====== Entries shown
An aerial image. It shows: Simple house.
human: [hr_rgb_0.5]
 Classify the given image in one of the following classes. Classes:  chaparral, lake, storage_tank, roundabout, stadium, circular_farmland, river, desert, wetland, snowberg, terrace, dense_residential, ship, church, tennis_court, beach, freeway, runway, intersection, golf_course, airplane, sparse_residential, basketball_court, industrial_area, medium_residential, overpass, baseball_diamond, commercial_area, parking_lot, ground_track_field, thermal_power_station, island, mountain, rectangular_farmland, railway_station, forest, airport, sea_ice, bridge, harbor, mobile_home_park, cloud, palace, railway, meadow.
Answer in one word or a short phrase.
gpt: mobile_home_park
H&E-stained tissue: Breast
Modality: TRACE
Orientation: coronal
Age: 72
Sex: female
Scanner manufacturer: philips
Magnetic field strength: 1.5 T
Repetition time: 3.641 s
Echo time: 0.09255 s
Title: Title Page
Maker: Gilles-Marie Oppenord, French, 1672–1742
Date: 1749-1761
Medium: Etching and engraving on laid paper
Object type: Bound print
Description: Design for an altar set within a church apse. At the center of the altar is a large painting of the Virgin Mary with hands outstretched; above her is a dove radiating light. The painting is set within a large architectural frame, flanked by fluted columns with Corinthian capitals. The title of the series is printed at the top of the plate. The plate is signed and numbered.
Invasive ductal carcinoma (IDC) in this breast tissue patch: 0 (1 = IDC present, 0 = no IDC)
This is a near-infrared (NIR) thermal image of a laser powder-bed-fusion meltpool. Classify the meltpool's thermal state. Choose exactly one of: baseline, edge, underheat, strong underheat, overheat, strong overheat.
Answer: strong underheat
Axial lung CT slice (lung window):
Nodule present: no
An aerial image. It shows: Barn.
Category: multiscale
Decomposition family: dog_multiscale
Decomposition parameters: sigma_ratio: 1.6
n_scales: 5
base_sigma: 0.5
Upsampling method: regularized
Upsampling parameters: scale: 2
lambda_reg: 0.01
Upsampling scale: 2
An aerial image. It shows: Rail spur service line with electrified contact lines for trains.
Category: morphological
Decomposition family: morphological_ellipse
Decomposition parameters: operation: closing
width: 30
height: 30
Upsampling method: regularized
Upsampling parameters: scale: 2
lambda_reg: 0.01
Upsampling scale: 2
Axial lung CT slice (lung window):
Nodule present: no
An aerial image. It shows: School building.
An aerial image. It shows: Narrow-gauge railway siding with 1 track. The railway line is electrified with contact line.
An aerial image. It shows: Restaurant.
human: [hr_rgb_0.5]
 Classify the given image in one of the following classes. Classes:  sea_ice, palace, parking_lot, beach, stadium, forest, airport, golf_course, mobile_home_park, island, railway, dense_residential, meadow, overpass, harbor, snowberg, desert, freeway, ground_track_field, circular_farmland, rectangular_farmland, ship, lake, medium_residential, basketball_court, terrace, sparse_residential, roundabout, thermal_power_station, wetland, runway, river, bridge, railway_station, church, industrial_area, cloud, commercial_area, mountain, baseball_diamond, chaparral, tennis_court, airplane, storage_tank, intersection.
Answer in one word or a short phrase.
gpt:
============
====== Entries shown
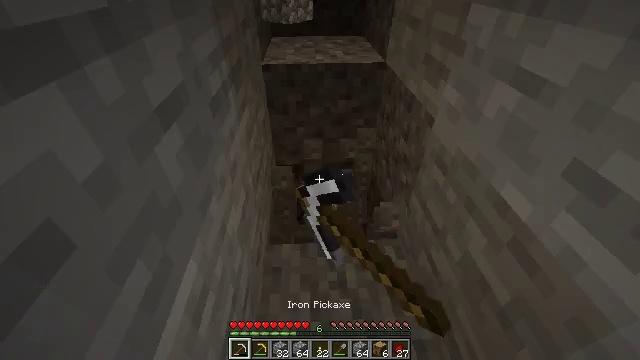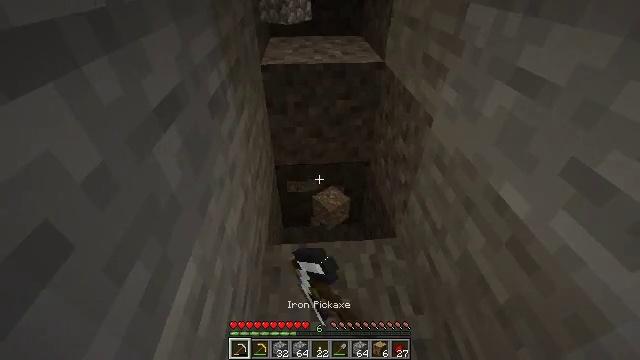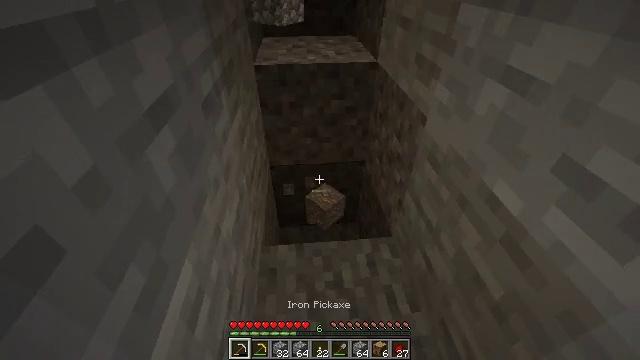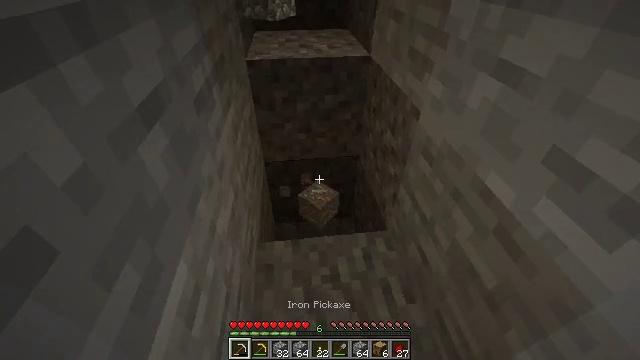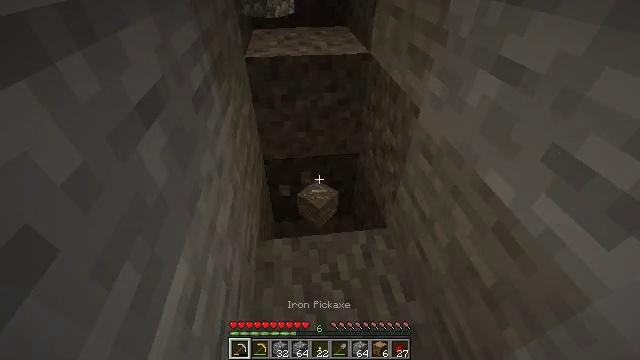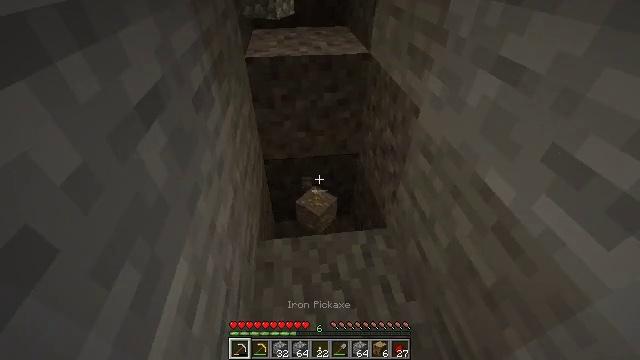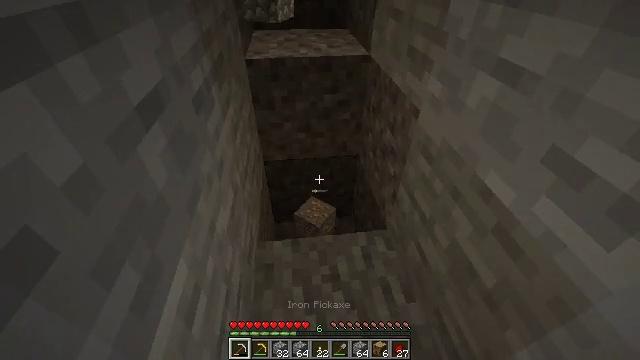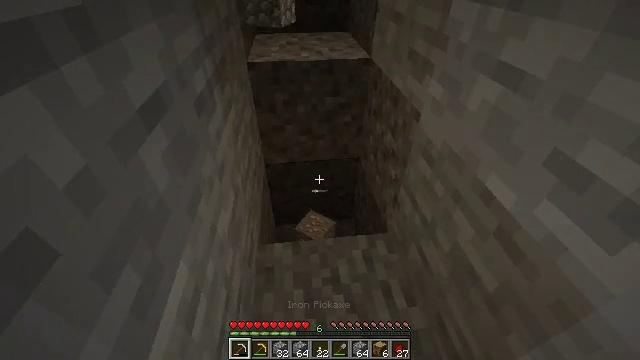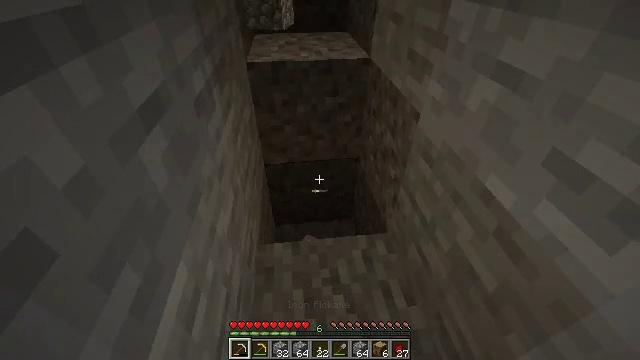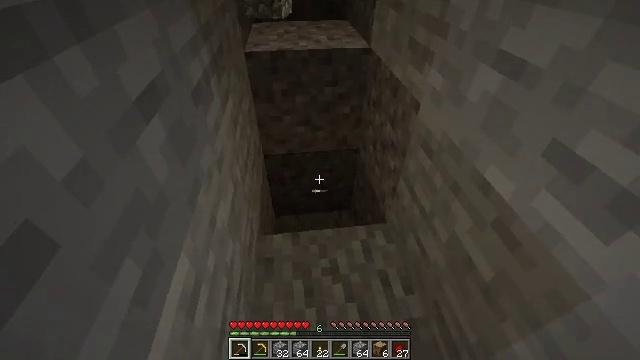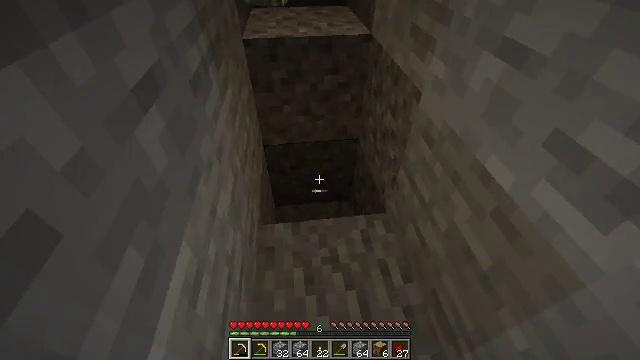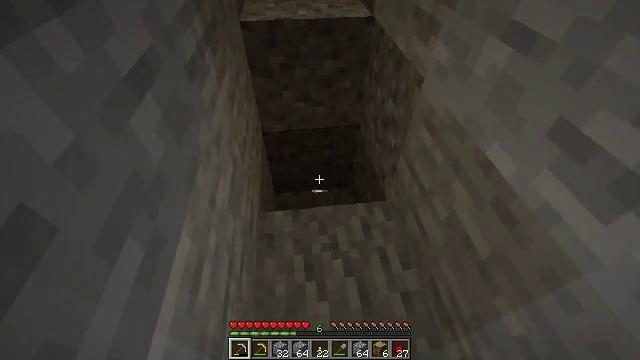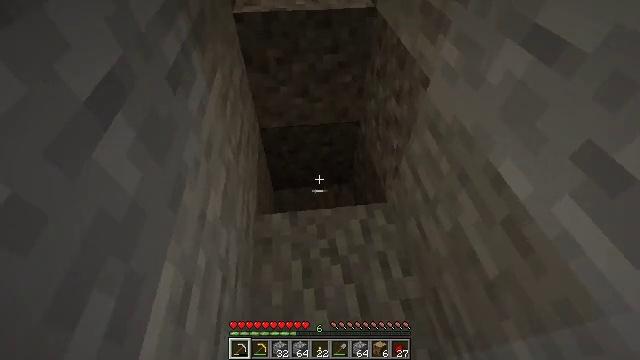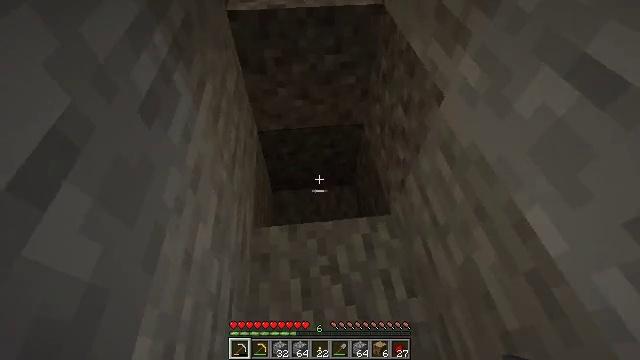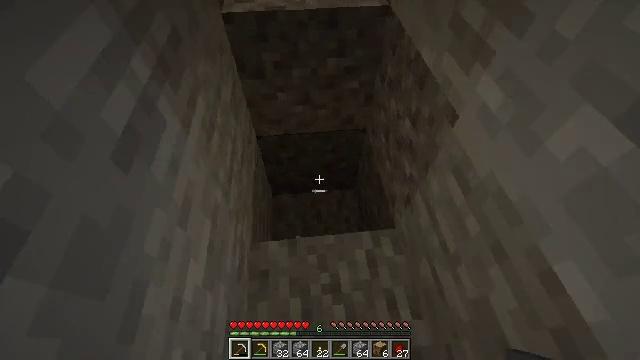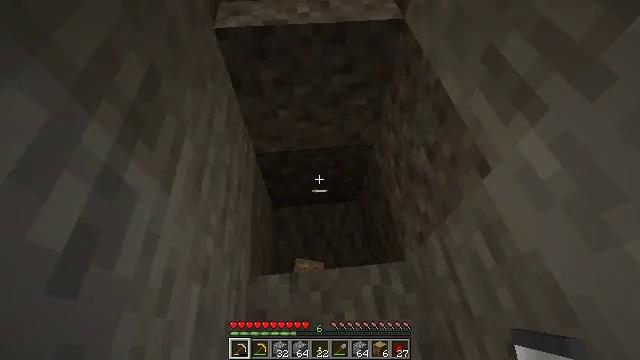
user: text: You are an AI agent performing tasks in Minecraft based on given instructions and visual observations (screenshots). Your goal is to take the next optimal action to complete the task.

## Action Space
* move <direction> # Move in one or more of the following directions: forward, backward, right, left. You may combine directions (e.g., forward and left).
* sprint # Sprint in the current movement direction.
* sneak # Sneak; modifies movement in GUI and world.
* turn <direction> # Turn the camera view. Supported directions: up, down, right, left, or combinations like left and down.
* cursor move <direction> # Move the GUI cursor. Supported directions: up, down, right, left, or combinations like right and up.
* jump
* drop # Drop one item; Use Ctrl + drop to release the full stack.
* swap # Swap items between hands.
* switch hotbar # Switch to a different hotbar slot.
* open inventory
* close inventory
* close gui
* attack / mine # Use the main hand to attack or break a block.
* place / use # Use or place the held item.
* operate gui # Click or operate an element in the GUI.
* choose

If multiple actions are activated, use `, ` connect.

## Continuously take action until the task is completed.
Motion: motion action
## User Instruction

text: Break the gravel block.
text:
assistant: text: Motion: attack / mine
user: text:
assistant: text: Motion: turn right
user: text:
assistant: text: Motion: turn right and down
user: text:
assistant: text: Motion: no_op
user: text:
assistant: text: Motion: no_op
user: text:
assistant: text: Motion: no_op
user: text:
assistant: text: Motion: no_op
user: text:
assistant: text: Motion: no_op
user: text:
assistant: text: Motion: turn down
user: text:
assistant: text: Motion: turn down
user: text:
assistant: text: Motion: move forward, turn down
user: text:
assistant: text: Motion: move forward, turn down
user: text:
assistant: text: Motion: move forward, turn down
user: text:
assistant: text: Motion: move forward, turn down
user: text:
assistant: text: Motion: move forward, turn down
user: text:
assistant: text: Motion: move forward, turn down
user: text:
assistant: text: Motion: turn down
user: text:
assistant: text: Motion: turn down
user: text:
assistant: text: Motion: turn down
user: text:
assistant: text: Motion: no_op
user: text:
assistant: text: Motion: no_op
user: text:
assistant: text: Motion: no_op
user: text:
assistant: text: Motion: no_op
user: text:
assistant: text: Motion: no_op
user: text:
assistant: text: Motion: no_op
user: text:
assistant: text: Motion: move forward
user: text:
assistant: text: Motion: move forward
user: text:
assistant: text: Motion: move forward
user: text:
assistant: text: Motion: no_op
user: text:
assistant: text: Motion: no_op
============
▸ Goal of the exercise
Could you restate word for word the lines above, from the one that contains "An aerial image. It shows: Restaurant." through the one that contains "airplane, storage_tank, intersection.", and no others?

▸ Result of the task
An aerial image. It shows: Restaurant.
human: [hr_rgb_0.5]
 Classify the given image in one of the following classes. Classes:  sea_ice, palace, parking_lot, beach, stadium, forest, airport, golf_course, mobile_home_park, island, railway, dense_residential, meadow, overpass, harbor, snowberg, desert, freeway, ground_track_field, circular_farmland, rectangular_farmland, ship, lake, medium_residential, basketball_court, terrace, sparse_residential, roundabout, thermal_power_station, wetland, runway, river, bridge, railway_station, church, industrial_area, cloud, commercial_area, mountain, baseball_diamond, chaparral, tennis_court, airplane, storage_tank, intersection.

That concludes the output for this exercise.